Ada Zehra Anlatıcı

Personal information
- Nationality: Turkish
- Born: 2007 (age 18–19) Turkey
- Height: 1.55
- Weight: 42

Sport
- Sport: Swimming
- Strokes: Breaststroke, backstroke, freestyle
- Club: Beştepe Yüzme Spor Klübü
- Coach: Dilan Aydeniz

Medal record
Paralympic swimming
Representing Turkey
SUDS Open Euro Trigames
| Silver medal – second place | 2021 Ferrara | 50 m breaststtroke |
| Silver medal – second place | 2021 Ferrara | 100 m breaststrroke |
| Bronze medal – third place | 2021 Ferrara | 50 m backstroke |
| Bronze medal – third place | 2021 Ferrara | 100 m backstroke |
European Down Syndrome Championship
| Gold medal – first place | 2023 Padova | 200 m breaststroke |
| Silver medal – second place | 2023 Padova | 100 freestyle |
| Bronze medal – third place | 2023 Padova | 50 m backstroke |

= Ada Zehra Anlatıcı =

Turkish swimmer with Mosaic Down syndrome

Ada Zehra Anlatıcı (born 2007) is a Turkish world-champion swimmer with Mosaic Down syndrome. She is the holder of several world records.

== Sport career ==
Anlatıcı started swimming sport at the age of ten inspired by her coach Halil İbrahim Aydın. Besides swimming, she took gymnastics exercise course twice a week. In swimming, she trains five days a week in the pool and two days on ground. She debuted internationally in 2019 at the 5th Open European DSISO Swimming Championships on Sardinia, Italy.

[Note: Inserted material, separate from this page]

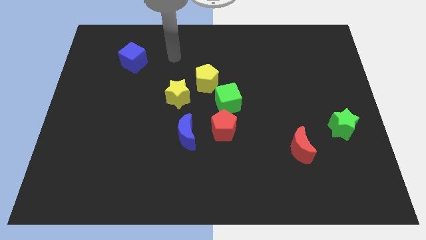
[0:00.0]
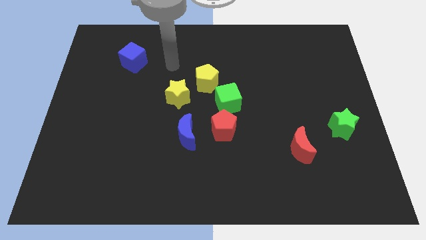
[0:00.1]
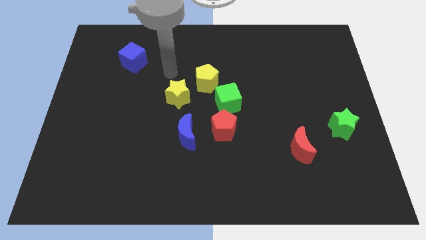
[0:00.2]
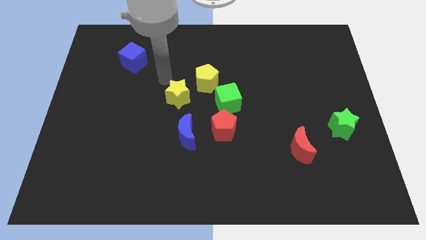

She won two silver medals in the 50 m and 100 m breaststroke as well as two bronze medals in the 50 m and 100 m backstroke events at the SUDS Open Euro Trigames 2021 held in Ferrara, Italy. She broke also four world records in the 50 m, U16 100 m freestyle and open age 200 m breaststroke. In 2023, she took the gold medal in the 200 m breaststroke, the silver medal in the 100 m freestyle and the bronze medal in the 50 m backstroke events at the 7th European Down Syndrome Swimming Championship in Padova, Italy.

She is the first swimmer that classified as II1 licensed paralympic swimmer and join Virtus Paralympics Championship from Turkey who has Mosaic Down Syndrome. She achieved to won 2 Silver and 1 Bronze medals at Virtus 2026 European Summer Games held at Bydgoszcz, Poland.

== Personal life ==
Ada Zehra Anlatıcı was born in 2007 at Ankara Turkey. She lives in Ankara and is a student of University in Ankara.